Шлепали весла по водной глади, громко жаловались на жизнь бараны в своем закутке, свирепо порыкивали боевые псы, а мимо по обе стороны реки тянулись красивейшие пейзажи — заливные луга, рощи деревьев с пышно-зелеными купами, и редкие хуторки из двух-трех домов, с низкими соломенными крышами.
«Природа прекрасна во все века: деяния человеческие ужасны». Эту философскую фразу я прочитал когда-то давно в старинном медицинском труде. Тогда я не особо задумался об этом, а сейчас пришло время вспомнить…
Любава сделала свой отвар и пыталась влить его с глиняной плошки в рот несчастному Всеславу. Мальчик готов был пить, он еще надеялся выжить, хотя у меня на этот счет были самые мрачные предчувствия.
— Далеко ли до Киева? — спросил я у сидевшего рядом Вяргиса, и даже сам улыбнулся, подумав, как нелепо светски звучит этот вопрос. Таким тоном спрашивают у соседа по пульману ТЖВ, далеко ли до Брюсселя…
Но воин не ощутил юмора ситуации. Он дернул себя за длинные, наполовину седые усы и ответил:
— Два дня плыть. Или три, как погода будет. Но дело того стоит. Ты бывал в Киеве, знахарь?
Решив не сообщать о том, как однажды промаялся в аэропорту Борисполь во время вынужденной посадки, я отрицательно покачал головой.
— Киев — очень богатый город, — сообщил Вяргис. — Я бывал там два раза. Там много золота и серебра. Очень много, всем хватит. А если конунг разрешит всех жителей продать хазарам, то мы получим золота еще больше.
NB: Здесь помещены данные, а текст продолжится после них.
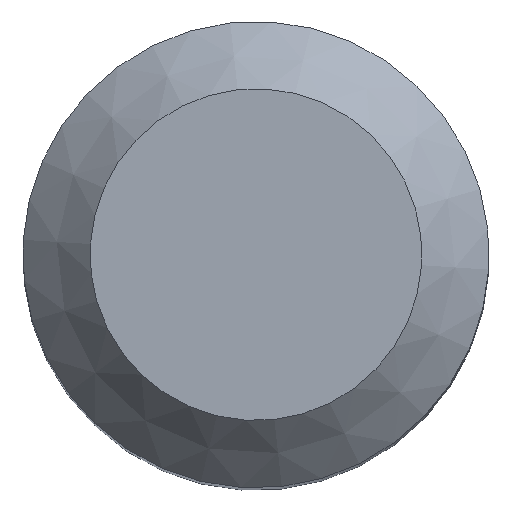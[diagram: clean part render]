
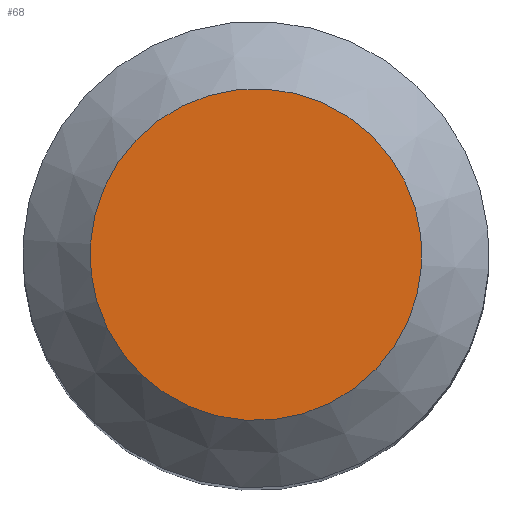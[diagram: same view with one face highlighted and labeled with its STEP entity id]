
A CAD part, top view. The second image highlights one B-rep face of the part: STEP entity #68.
In plain terms, the highlighted planar face has unit normal (0, 0, 1).
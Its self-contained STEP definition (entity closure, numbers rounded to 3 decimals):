
#68=ADVANCED_FACE('',(#74),#71,.F.);
#71=PLANE('',#174);
#74=FACE_OUTER_BOUND('',#88,.T.);
#88=EDGE_LOOP('',(#102));
#102=ORIENTED_EDGE('',*,*,#118,.T.);
#111=VERTEX_POINT('',#248);
#118=EDGE_CURVE('',#111,#111,#125,.T.);
#125=CIRCLE('',#172,4.979);
#172=AXIS2_PLACEMENT_3D('',#247,#208,#209);
#174=AXIS2_PLACEMENT_3D('',#250,#212,#213);
#208=DIRECTION('',(0.,0.,1.));
#209=DIRECTION('',(0.96,0.281,0.));
#212=DIRECTION('',(0.,0.,-1.));
#213=DIRECTION('',(-0.96,-0.281,0.));
#247=CARTESIAN_POINT('',(0.,0.,0.));
#248=CARTESIAN_POINT('',(4.778,1.401,0.));
#250=CARTESIAN_POINT('',(-1.401,4.778,0.));
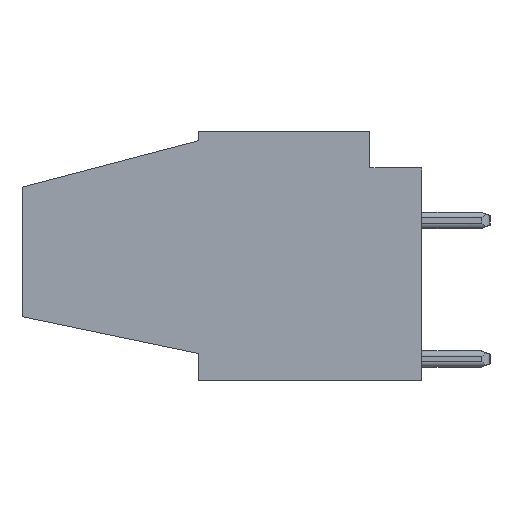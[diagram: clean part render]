
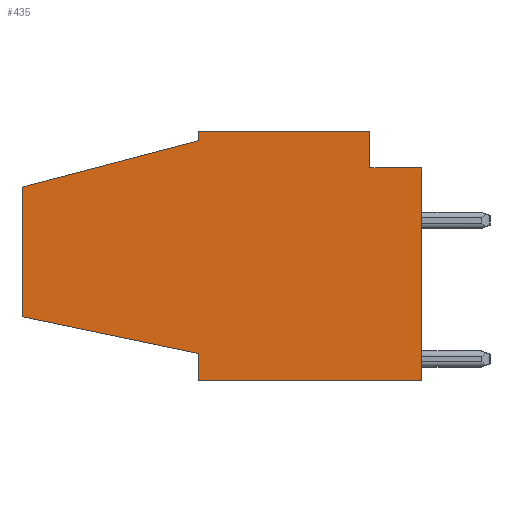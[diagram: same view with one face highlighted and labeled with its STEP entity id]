
A CAD part, left-side view. The second image highlights one B-rep face of the part: STEP entity #435.
In plain terms, the highlighted planar face has unit normal (-1, 0, 0).
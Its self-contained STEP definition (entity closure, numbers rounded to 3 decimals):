
#435 = ADVANCED_FACE( '', ( #993 ), #994, .F. );
#993 = FACE_OUTER_BOUND( '', #1707, .T. );
#994 = PLANE( '', #1708 );
#1707 = EDGE_LOOP( '', ( #2654, #2655, #2656, #2657, #2658, #2659, #2660, #2661, #2662, #2663 ) );
#1708 = AXIS2_PLACEMENT_3D( '', #2664, #2665, #2666 );
#2654 = ORIENTED_EDGE( '', *, *, #4787, .F. );
#2655 = ORIENTED_EDGE( '', *, *, #4637, .F. );
#2656 = ORIENTED_EDGE( '', *, *, #4788, .T. );
#2657 = ORIENTED_EDGE( '', *, *, #4789, .T. );
#2658 = ORIENTED_EDGE( '', *, *, #4790, .T. );
#2659 = ORIENTED_EDGE( '', *, *, #4791, .T. );
#2660 = ORIENTED_EDGE( '', *, *, #4792, .F. );
#2661 = ORIENTED_EDGE( '', *, *, #4732, .T. );
#2662 = ORIENTED_EDGE( '', *, *, #4793, .F. );
#2663 = ORIENTED_EDGE( '', *, *, #4794, .F. );
#2664 = CARTESIAN_POINT( '', ( 0., 51.003, -17.43 ) );
#2665 = DIRECTION( '', ( 1., 0., 0. ) );
#2666 = DIRECTION( '', ( 0., -1., 0. ) );
#4637 = EDGE_CURVE( '', #5603, #5605, #5606, .T. );
#4732 = EDGE_CURVE( '', #5771, #5769, #5772, .T. );
#4787 = EDGE_CURVE( '', #5605, #5868, #5869, .T. );
#4788 = EDGE_CURVE( '', #5603, #5870, #5871, .T. );
#4789 = EDGE_CURVE( '', #5870, #5872, #5873, .T. );
#4790 = EDGE_CURVE( '', #5872, #5874, #5875, .T. );
#4791 = EDGE_CURVE( '', #5874, #5876, #5877, .T. );
#4792 = EDGE_CURVE( '', #5771, #5876, #5878, .T. );
#4793 = EDGE_CURVE( '', #5879, #5769, #5880, .T. );
#4794 = EDGE_CURVE( '', #5868, #5879, #5881, .T. );
#5603 = VERTEX_POINT( '', #7031 );
#5605 = VERTEX_POINT( '', #7034 );
#5606 = LINE( '', #7035, #7036 );
#5769 = VERTEX_POINT( '', #7310 );
#5771 = VERTEX_POINT( '', #7313 );
#5772 = LINE( '', #7314, #7315 );
#5868 = VERTEX_POINT( '', #7452 );
#5869 = LINE( '', #7453, #7454 );
#5870 = VERTEX_POINT( '', #7455 );
#5871 = LINE( '', #7456, #7457 );
#5872 = VERTEX_POINT( '', #7458 );
#5873 = LINE( '', #7459, #7460 );
#5874 = VERTEX_POINT( '', #7461 );
#5875 = LINE( '', #7462, #7463 );
#5876 = VERTEX_POINT( '', #7464 );
#5877 = LINE( '', #7465, #7466 );
#5878 = LINE( '', #7467, #7468 );
#5879 = VERTEX_POINT( '', #7469 );
#5880 = LINE( '', #7470, #7471 );
#5881 = LINE( '', #7472, #7473 );
#7031 = CARTESIAN_POINT( '', ( 0., 16.4, 2.7 ) );
#7034 = CARTESIAN_POINT( '', ( 0., 3.8, 2.7 ) );
#7035 = CARTESIAN_POINT( '', ( 0., 7.836, 2.7 ) );
#7036 = VECTOR( '', #9055, 1000. );
#7310 = CARTESIAN_POINT( '', ( 0., 0., -15.6 ) );
#7313 = CARTESIAN_POINT( '', ( 0., 16.4, -15.6 ) );
#7314 = CARTESIAN_POINT( '', ( 0., 7.836, -15.6 ) );
#7315 = VECTOR( '', #9147, 1000. );
#7452 = CARTESIAN_POINT( '', ( 0., 3.8, 0. ) );
#7453 = CARTESIAN_POINT( '', ( 0., 3.8, -9.056 ) );
#7454 = VECTOR( '', #9198, 1000. );
#7455 = CARTESIAN_POINT( '', ( 0., 16.4, 2. ) );
#7456 = CARTESIAN_POINT( '', ( 0., 16.4, -9.056 ) );
#7457 = VECTOR( '', #9199, 1000. );
#7458 = CARTESIAN_POINT( '', ( 0., 29.3, -1.4 ) );
#7459 = CARTESIAN_POINT( '', ( 0., 7.836, 4.257 ) );
#7460 = VECTOR( '', #9200, 1000. );
#7461 = CARTESIAN_POINT( '', ( 0., 29.3, -10.9 ) );
#7462 = CARTESIAN_POINT( '', ( 0., 29.3, -9.056 ) );
#7463 = VECTOR( '', #9201, 1000. );
#7464 = CARTESIAN_POINT( '', ( 0., 16.4, -13.6 ) );
#7465 = CARTESIAN_POINT( '', ( 0., 7.836, -15.393 ) );
#7466 = VECTOR( '', #9202, 1000. );
#7467 = CARTESIAN_POINT( '', ( 0., 16.4, -9.056 ) );
#7468 = VECTOR( '', #9203, 1000. );
#7469 = CARTESIAN_POINT( '', ( 0., 0., 0. ) );
#7470 = CARTESIAN_POINT( '', ( 0., 0., -9.056 ) );
#7471 = VECTOR( '', #9204, 1000. );
#7472 = CARTESIAN_POINT( '', ( 0., 7.836, 0. ) );
#7473 = VECTOR( '', #9205, 1000. );
#9055 = DIRECTION( '', ( 0., -1., 0. ) );
#9147 = DIRECTION( '', ( 0., -1., 0. ) );
#9198 = DIRECTION( '', ( 0., 0., -1. ) );
#9199 = DIRECTION( '', ( 0., 0., -1. ) );
#9200 = DIRECTION( '', ( 0., 0.967, -0.255 ) );
#9201 = DIRECTION( '', ( 0., 0., -1. ) );
#9202 = DIRECTION( '', ( 0., -0.979, -0.205 ) );
#9203 = DIRECTION( '', ( 0., 0., 1. ) );
#9204 = DIRECTION( '', ( 0., 0., -1. ) );
#9205 = DIRECTION( '', ( 0., -1., 0. ) );
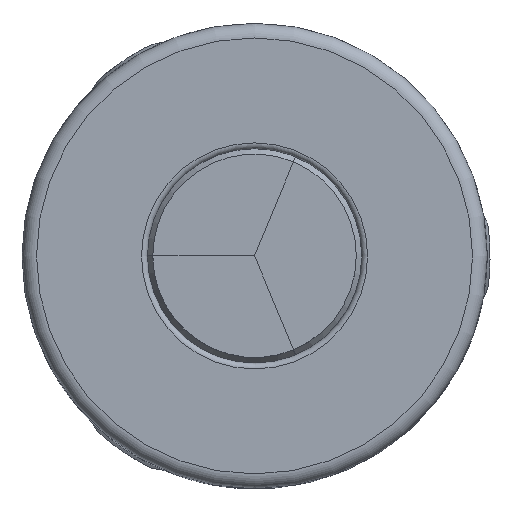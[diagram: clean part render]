
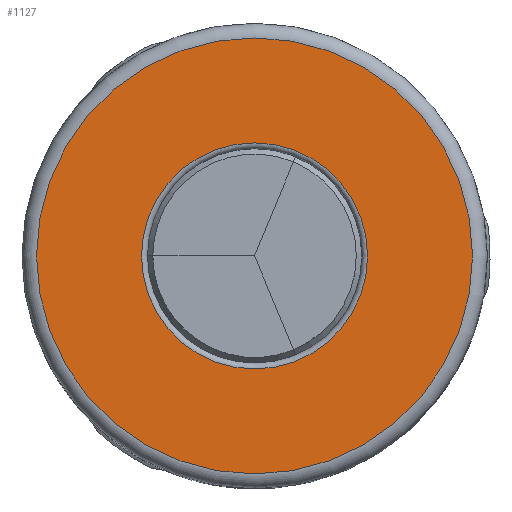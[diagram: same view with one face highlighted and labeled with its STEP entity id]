
A CAD part, top view. The second image highlights one B-rep face of the part: STEP entity #1127.
In plain terms, the highlighted planar face has unit normal (0, 0, 1).
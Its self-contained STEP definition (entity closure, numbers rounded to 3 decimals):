
#16=FACE_BOUND('',#232,.T.);
#97=PLANE('',#1242);
#166=FACE_OUTER_BOUND('',#231,.T.);
#231=EDGE_LOOP('',(#874));
#232=EDGE_LOOP('',(#875));
#284=CIRCLE('',#1238,3.889);
#288=CIRCLE('',#1243,7.5);
#501=VERTEX_POINT('',#1905);
#504=VERTEX_POINT('',#1913);
#636=EDGE_CURVE('',#501,#501,#284,.T.);
#640=EDGE_CURVE('',#504,#504,#288,.T.);
#874=ORIENTED_EDGE('',*,*,#640,.F.);
#875=ORIENTED_EDGE('',*,*,#636,.F.);
#1127=ADVANCED_FACE('',(#166,#16),#97,.T.);
#1238=AXIS2_PLACEMENT_3D('',#1906,#1467,#1468);
#1242=AXIS2_PLACEMENT_3D('',#1912,#1475,#1476);
#1243=AXIS2_PLACEMENT_3D('',#1914,#1477,#1478);
#1467=DIRECTION('center_axis',(0.,0.,1.));
#1468=DIRECTION('ref_axis',(1.,0.,0.));
#1475=DIRECTION('center_axis',(0.,0.,1.));
#1476=DIRECTION('ref_axis',(1.,0.,0.));
#1477=DIRECTION('center_axis',(0.,0.,-1.));
#1478=DIRECTION('ref_axis',(1.,0.,0.));
#1905=CARTESIAN_POINT('',(3.889,0.,10.));
#1906=CARTESIAN_POINT('Origin',(0.,0.,10.));
#1912=CARTESIAN_POINT('Origin',(0.,0.,10.));
#1913=CARTESIAN_POINT('',(-7.5,0.,10.));
#1914=CARTESIAN_POINT('Origin',(0.,0.,10.));
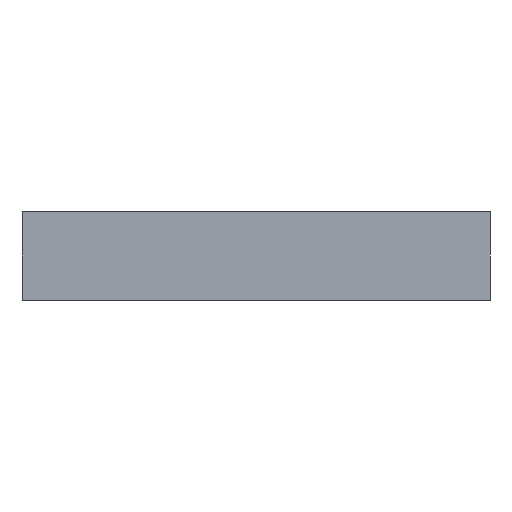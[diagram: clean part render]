
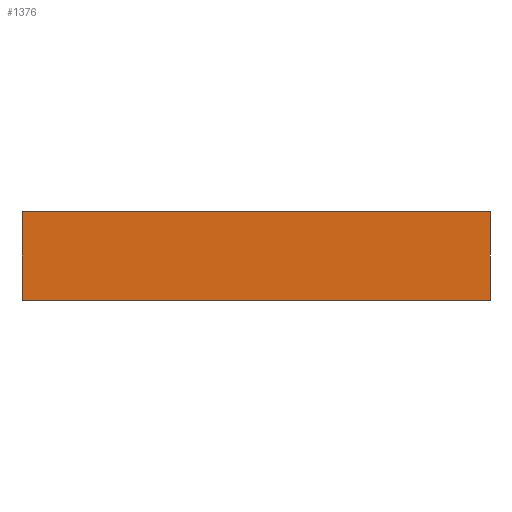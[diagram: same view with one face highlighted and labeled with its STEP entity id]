
A CAD part, left-side view. The second image highlights one B-rep face of the part: STEP entity #1376.
In plain terms, the highlighted planar face has unit normal (-1, 0, 0).
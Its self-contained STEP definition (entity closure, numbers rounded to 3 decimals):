
#200 = CARTESIAN_POINT ( 'NONE',  ( -750., 381.5, 145. ) ) ;
#231 = VECTOR ( 'NONE', #3096, 1000. ) ;
#305 = DIRECTION ( 'NONE',  ( 0., 0., -1. ) ) ;
#367 = CARTESIAN_POINT ( 'NONE',  ( -750., -381.5, 145. ) ) ;
#378 = EDGE_CURVE ( 'NONE', #2632, #1394, #1144, .T. ) ;
#504 = LINE ( 'NONE', #2845, #231 ) ;
#547 = ORIENTED_EDGE ( 'NONE', *, *, #2098, .T. ) ;
#561 = VERTEX_POINT ( 'NONE', #2590 ) ;
#567 = DIRECTION ( 'NONE',  ( 0., 0., -1. ) ) ;
#889 = EDGE_CURVE ( 'NONE', #973, #2632, #1358, .T. ) ;
#891 = AXIS2_PLACEMENT_3D ( 'NONE', #367, #3024, #1799 ) ;
#915 = EDGE_CURVE ( 'NONE', #561, #1394, #504, .T. ) ;
#962 = ORIENTED_EDGE ( 'NONE', *, *, #889, .F. ) ;
#973 = VERTEX_POINT ( 'NONE', #200 ) ;
#1135 = VECTOR ( 'NONE', #1661, 1000. ) ;
#1144 = LINE ( 'NONE', #1999, #3124 ) ;
#1358 = LINE ( 'NONE', #2370, #1135 ) ;
#1376 = ADVANCED_FACE ( 'NONE', ( #2800 ), #2045, .F. ) ;
#1394 = VERTEX_POINT ( 'NONE', #2032 ) ;
#1661 = DIRECTION ( 'NONE',  ( 0., -1., 0. ) ) ;
#1750 = CARTESIAN_POINT ( 'NONE',  ( -750., 381.5, 145. ) ) ;
#1799 = DIRECTION ( 'NONE',  ( 0., 0., -1. ) ) ;
#1999 = CARTESIAN_POINT ( 'NONE',  ( -750., -381.5, 145. ) ) ;
#2032 = CARTESIAN_POINT ( 'NONE',  ( -750., -381.5, 0. ) ) ;
#2045 = PLANE ( 'NONE',  #891 ) ;
#2098 = EDGE_CURVE ( 'NONE', #973, #561, #3053, .T. ) ;
#2112 = ORIENTED_EDGE ( 'NONE', *, *, #915, .T. ) ;
#2370 = CARTESIAN_POINT ( 'NONE',  ( -750., -381.5, 145. ) ) ;
#2528 = EDGE_LOOP ( 'NONE', ( #2112, #3069, #962, #547 ) ) ;
#2590 = CARTESIAN_POINT ( 'NONE',  ( -750., 381.5, 0. ) ) ;
#2632 = VERTEX_POINT ( 'NONE', #2731 ) ;
#2731 = CARTESIAN_POINT ( 'NONE',  ( -750., -381.5, 145. ) ) ;
#2800 = FACE_OUTER_BOUND ( 'NONE', #2528, .T. ) ;
#2845 = CARTESIAN_POINT ( 'NONE',  ( -750., -381.5, 0. ) ) ;
#3024 = DIRECTION ( 'NONE',  ( 1., 0., 0. ) ) ;
#3053 = LINE ( 'NONE', #1750, #3089 ) ;
#3069 = ORIENTED_EDGE ( 'NONE', *, *, #378, .F. ) ;
#3089 = VECTOR ( 'NONE', #305, 1000. ) ;
#3096 = DIRECTION ( 'NONE',  ( 0., -1., 0. ) ) ;
#3124 = VECTOR ( 'NONE', #567, 1000. ) ;

Говорил он это совершенно серьезно, и оставалось лишь поразиться прямоте и цельности натуры этих людей.
— Но я слышал, что Вольдемар сам собирается стать князем Киева, — сказал я. — Это так? Но тогда вряд ли он разрешит продать в рабство всех жителей. Над кем же он будет князем?
Вяргис на секунду задумался, даже наморщив лоб, отчего глубокая складка пролегла на нем. Явно мышление не было для него привычным занятием.
— Жители откуда-то потом появляются сами, — наконец сказал он, решив для себя вопрос. — Наверное, придут из других городов или из деревень вокруг. Киев ведь стольный город великого князя. Все хотят жить в таком богатом городе.
— Но город уже не будет богатым после того, как вы заберете из него все золото и уведете в рабство всех жителей, — заметил я. — Вряд ли Вольдемару захочется остаться князем над пустым и нищим городом.
Эта мысль показалась Вяргису неожиданной, и он хмуро глянул на меня исподлобья. Я решил прекратить опасный разговор и не злить старого воина понапрасну.
Любава напоила-таки мальчика своим отваром и теперь, вполне удовлетворенная, села рядом со мной, доверчиво положив голову мне на колени. Иногда я удивлялся ее откровенности…
— Кто это? — спросил я, указывая на деревянную колоду с изображениями на носу нашего струга.
Вяргис с Любавой невольно переглянулись. Я задал, видимо, совершенно дикий вопрос.
Наверное, так же посмотрели бы друг на друга два москвича, если кто-нибудь вдруг спросил бы у них, что такое Кремль или Красная площадь.
— Это богини, — неуверенно ответил Вяргис, не веря, что я действительно могу этого не знать. — Если их хорошо ублажить, они помогают нам повсюду. Поэтому мы всегда возим их с собой.
— А почему их три? — поинтересовался я, все еще не в силах привыкнуть к языческому ходу мышления.